What I suggest is to take advantage of the storage_type field in the .dbx/project.json to allow the selection of a different AbstractFileUploader implementation.
It could be done in two ways:
- by allowing the registration of
AbstractFileUploaderimplementations, so the users need only to set:"storage_type": "my-storage-type" - by setting the
storage_typeto theAbstractFileUploaderimplementation full class name:"storage_type": "my_package.MyFileUploader"
The second approach should be simpler than the first to implement and document, I think.
After some search in the MLflow repository, I found the source of the "random directory name". It is generated in https://github.com/mlflow/mlflow/blob/master/mlflow/store/tracking/file_store.py#L616 with the unique run identifier and can't be customized by external code: it is used for tracking the artifacts of each specific run.
So, the MlflowFileUploader can't probably be customized for storing the artifacts in a specific dbfs folder or by replacing older one: we need a completely new implementation of AbstractFileUploader.
I 100% agree with @allebacco, we need a new implementation of the AbstractFileUploader that offers an alternative to the default MLFlow uploader, and that potentially exposes more control over where you are deploying to dbfs. For example, instead of a random hash or timestamp, i'd like to pass my own extension of the directory, i.e. dbfs://project-path/<my_own _tag>/wheel where <my_own_tag> could be something like the branch name or a release!

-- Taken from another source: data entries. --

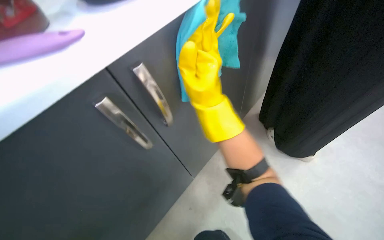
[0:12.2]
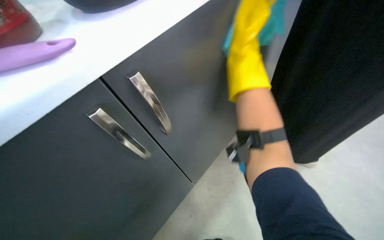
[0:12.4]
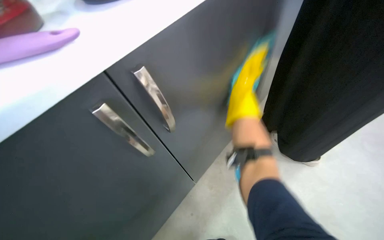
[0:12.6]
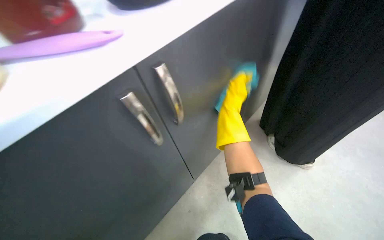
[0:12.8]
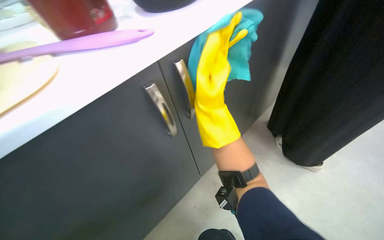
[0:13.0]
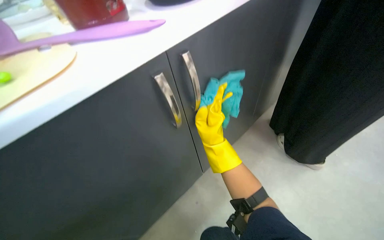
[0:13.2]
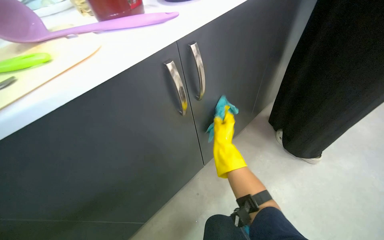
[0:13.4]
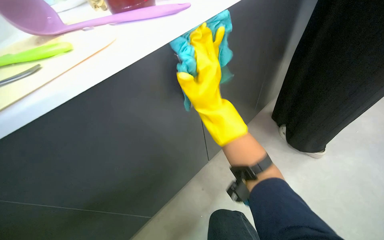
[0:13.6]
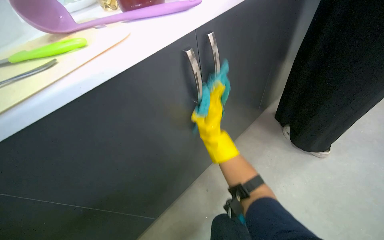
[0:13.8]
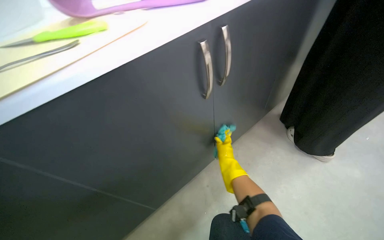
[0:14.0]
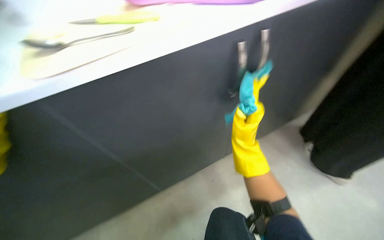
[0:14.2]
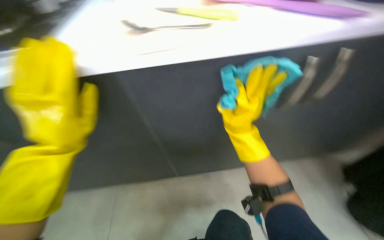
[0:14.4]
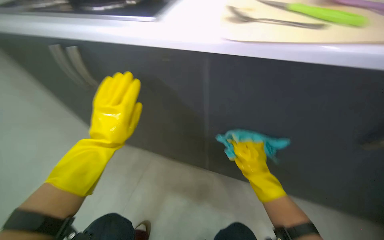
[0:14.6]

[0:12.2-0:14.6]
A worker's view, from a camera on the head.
Job: cleaning kitchen.
The whole recording: Wiping kitchen cabinets exterior. The worker wipes the exterior surfaces of the kitchen cabinets with a damp cloth.
0:12.2 to 0:13.4: The right hand moves down the picture, roughly 15 cm.
0:13.4 to 0:14.6: The head rotates approximately 25 degrees to the left. The right hand moves up and down the picture over some 25 cm, changing direction 3 times.

I am not sure if I understood the whole issue here but I feel this is more mlflow related than dbx. For mlflow, each "run" generates a separated folder (with the random name as you know) and it is mlflow server the one which tracks the versioning of this runs under "experiments". Each experiments, for dbx, is associated to a project. That's why, each time you deploy you get a new run with a new associated wheel.
I see your point of having just one "run" or environment when you do a deploy. However, during the development process you could face the issue of being in a version of your package more advanced than your last vX.X.X tag and make a deploy. mlflow and dbx will allow you generate this particular (unversioned) debug wheel and test it on the platform. If you overwrite a run (thing that you could using the mlflow Run class) you would loose the versioning @renardeinside is talking about.
I made a custom "dbx" (quite simpler) package for deployment and faced this issue too. We wanted to have package version matching deploys (or runs for mlflow point of view). The only way I found using mlflow was stopping the generation of new runs and check before track/log any artifact/metric into the experiment the list of Runs. By getting the runs' names and match my expected named. Then I continue registering metrics and artifacts to the same run without finishing. However, this is workaround that explodes the mlflow architecture flexibility.
One thing that could be useful, on the other hand, is allowing dbx to name the runs properly so you can get the runs by name using mlflow API. This would help you deploy on the same named environment.